Previously, I’d purchased a lobe of humanely-raised Hudson Valley foie gras from Iowa Meat Farms (6041 Mission Gorge Road, San Diego, California 92120, 619-281-5766) for the GOOSE, Blood Orange, Sage, Roasting Goose Aromas recipe. I did not use all of it, so wanted to do this recipe in tandem.

Waste not want not.

It wasn’t quite as pretty as when I bought it, not as brightly pink colored. So I rinsed and cleaned it off, separating out some veins and other assorted “greeblies,” then cubed it.

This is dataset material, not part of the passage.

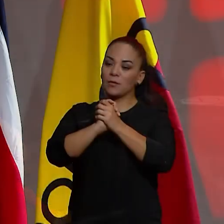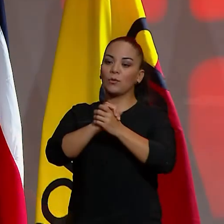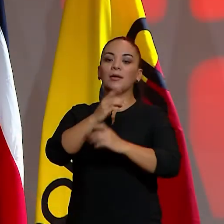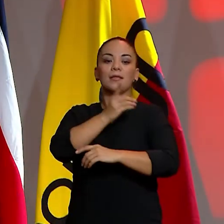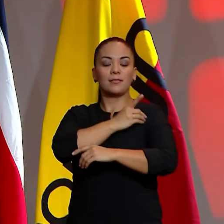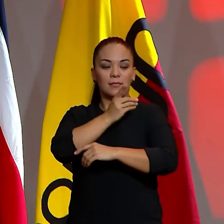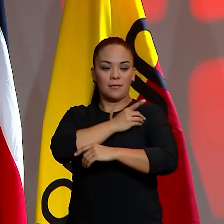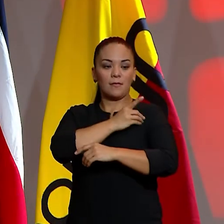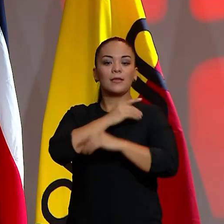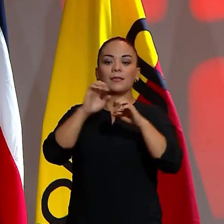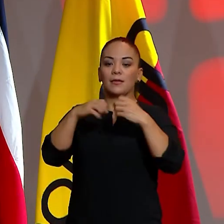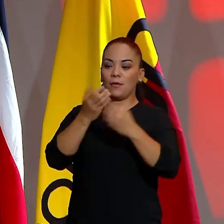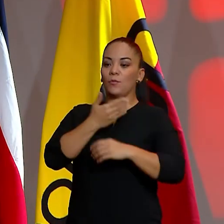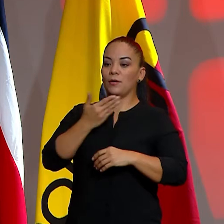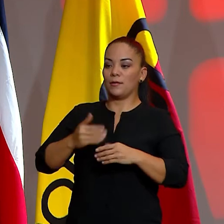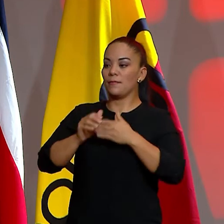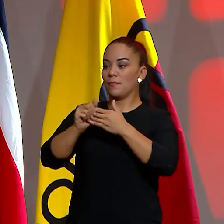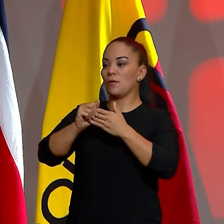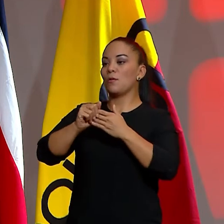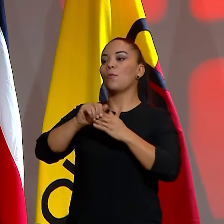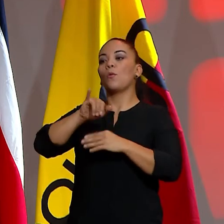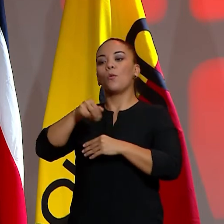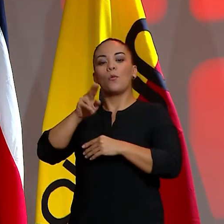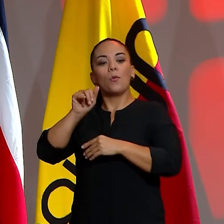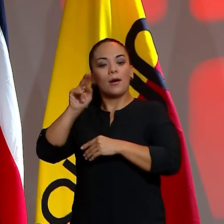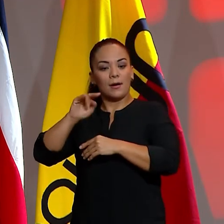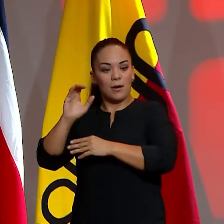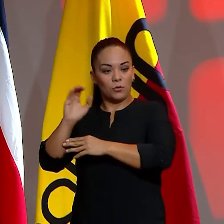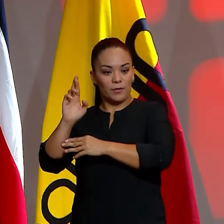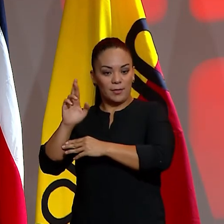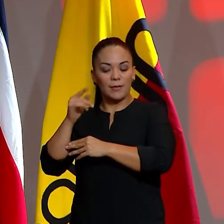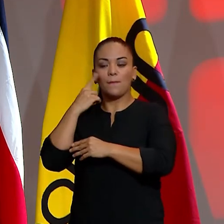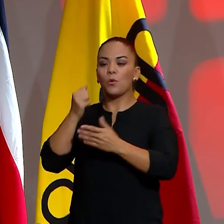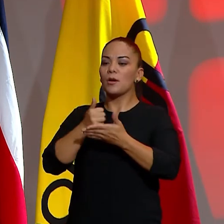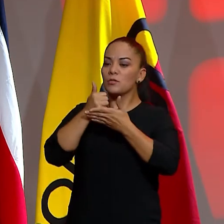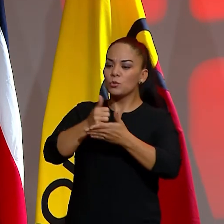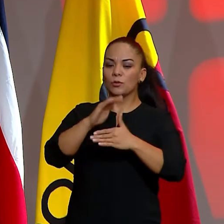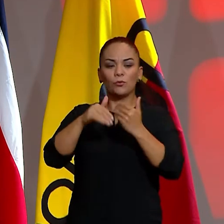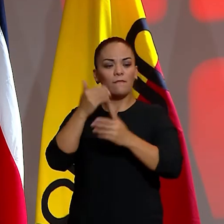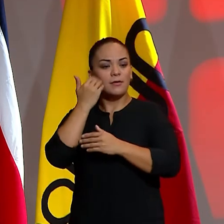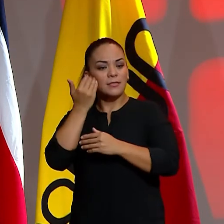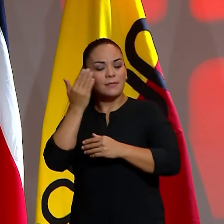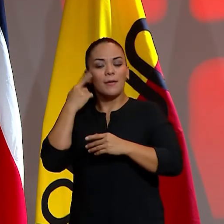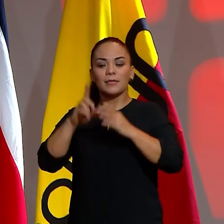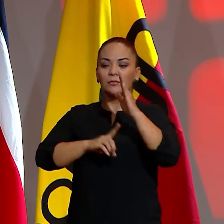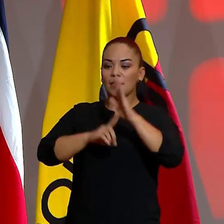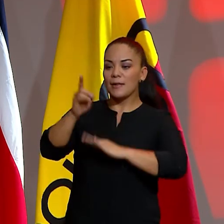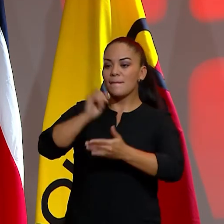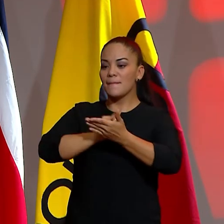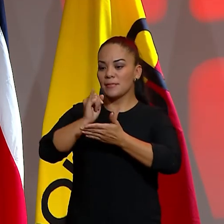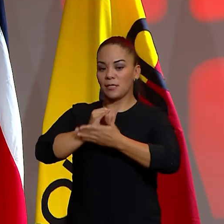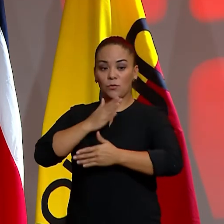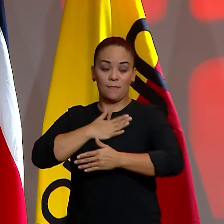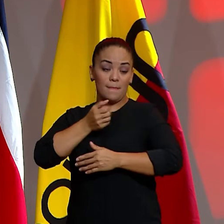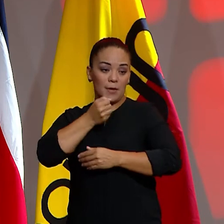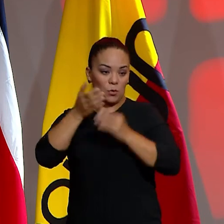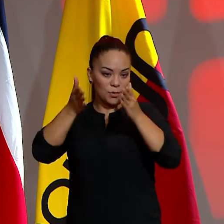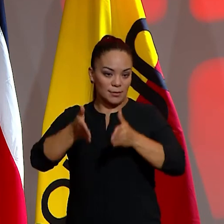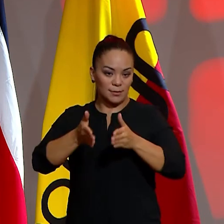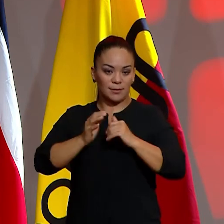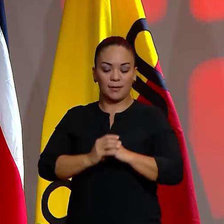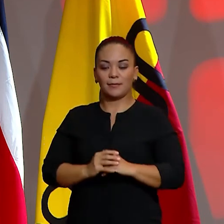Fuerza Herediana, presidida por Juan Carlos Retana, por la ayuda, apertura y facilidades para desarrollar mi investigación periodística.

In a small bowl, I tossed the foie with some combined salt, pink salt and sugar. Note: “pink salt” here refers to a type of salt containing nitrates used for curing meats — not rose-colored salt. I’m using Morton Salt’s retail version called “Tender Quick,” which contains salt, sugar, propylene glycol, sodium nitrate and sodium nitrite. Says Morton, “the salt acts as a preserving agent, along with sodium nitrate and sodium nitrite, which also contribute to color and flavor development.” Which is very true, as it was much brighter and pinker after it had cured.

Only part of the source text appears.